One of the original engineering leaders behind Power BI and Power Pivot during his 14-year career at Microsoft, Rob Collie founded a consulting company in 2013 that is 100% devoted to “the new way forward” made possible by Power BI and its related technologies. Since 2013, PowerPivotPro has rapidly grown to become the leading firm in the industry, pioneering an agile, results-first methodology never before seen in the Business Intelligence space. A sought-after public speaker and author of the #1-selling Power BI book, Rob and his team would like to help you revolutionize your business and your career.

This Post Has 6 Comments
  1. Rob, it’s great to hear of those performance improvements with distinct count.
    On a related topic, have you experimented with using DISTINCTCOUNT() on a text column? The documentation seems to state pretty clearly that it only works on numbers or dates.
    Because of that I filed a suggestion on Connect to create a DISTINCTCOUNTA() function that would work on text values.
    But subsequent experimentation showed that DISTINCTCOUNT() does work on a text column. What has you experience been with DISTINCTCOUNT() on text values?

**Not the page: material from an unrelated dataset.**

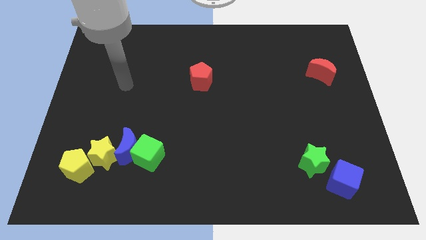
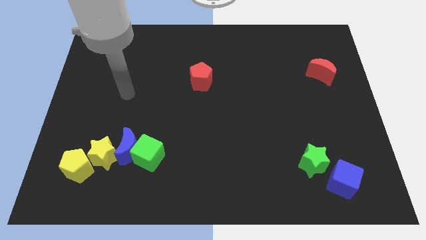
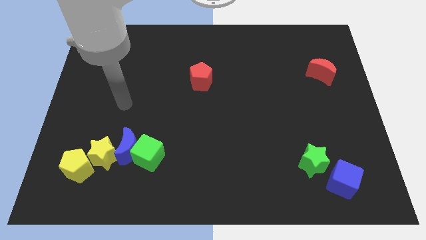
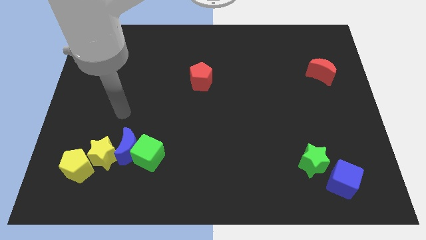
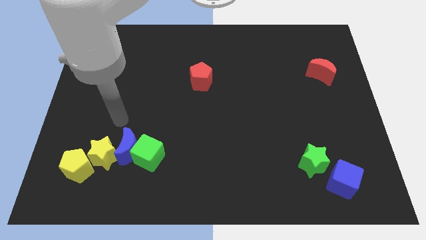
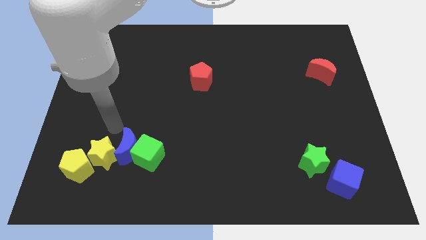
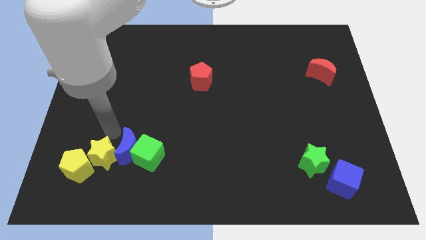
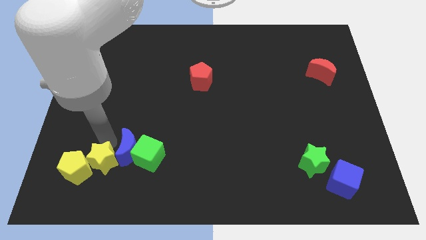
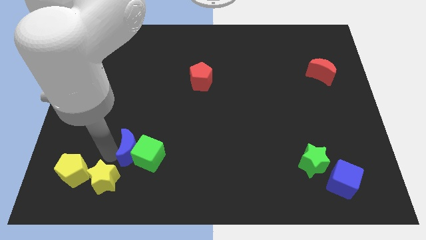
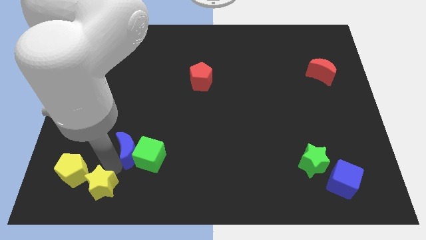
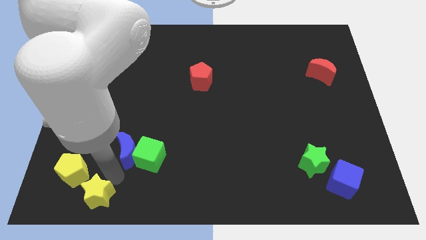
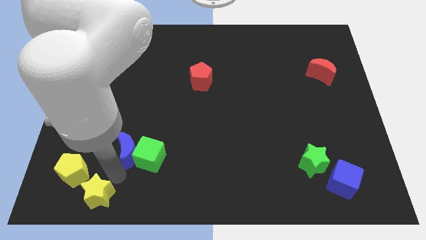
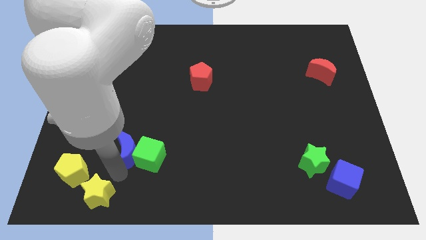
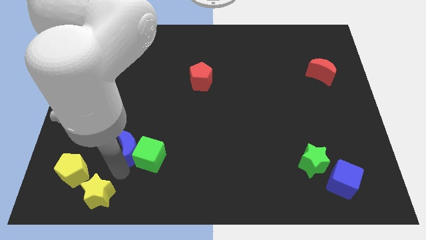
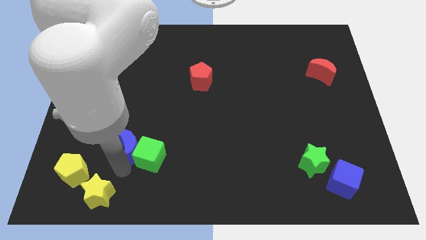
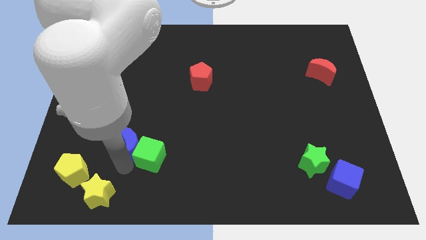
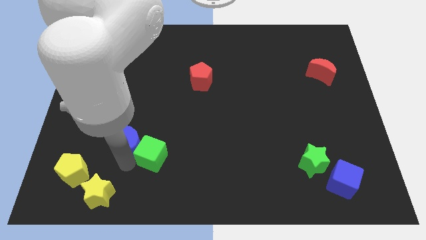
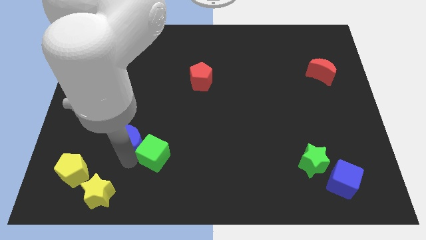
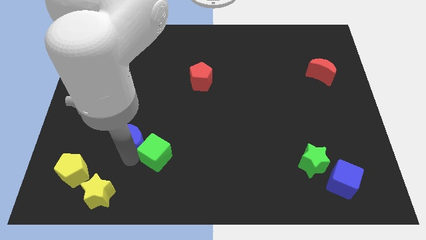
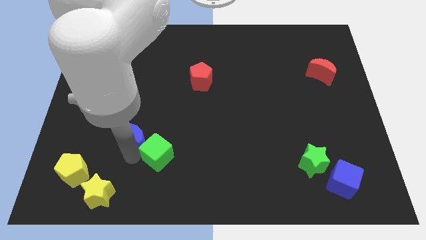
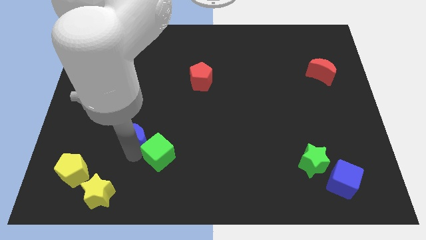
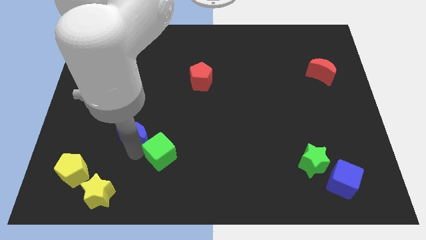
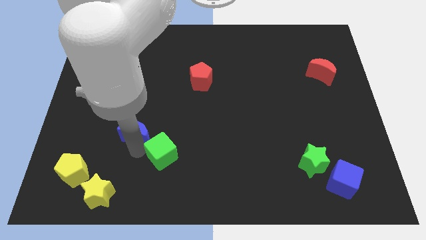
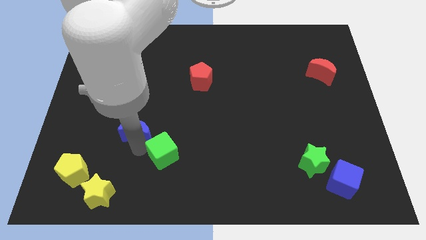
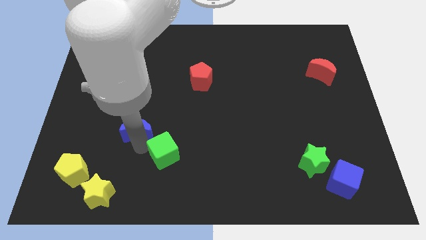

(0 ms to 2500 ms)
pull the blue moon apart from the green cube and yellow star

    1. I have not yet tried DISTINCTCOUNT() on anything other than the example above. But given that COUNTROWS(DISTINCT()) has always worked on text fields, and proves to have the same improved performance as DISTINTCOUNT, I too am surprised that the docs say it doesn’t work.

  2. Okay, that’s awesome about the distinct counts being faster–but what on earth is a treadmill desk?? I thought I was being proactive by sitting on a bouncy ball.

  3. Its been sometime I am trying to get my head around this. I have imported information on close to 1.5 million customer orders in a powerpivot table. Customer orders generate different delivery packets. Sometimes for the same customer orders there are several packets generated. So the data looks like:
    e2,p6 etc..

    What I want to do is calculate in adjacent field a count of all unique packages that the customer order has generated. In the above example that would be:
    e2,p5,x …

    I just learnt about powerpivot and am not able to understand how this could be achieved. I need this field for calculation purpose. Many Thanks!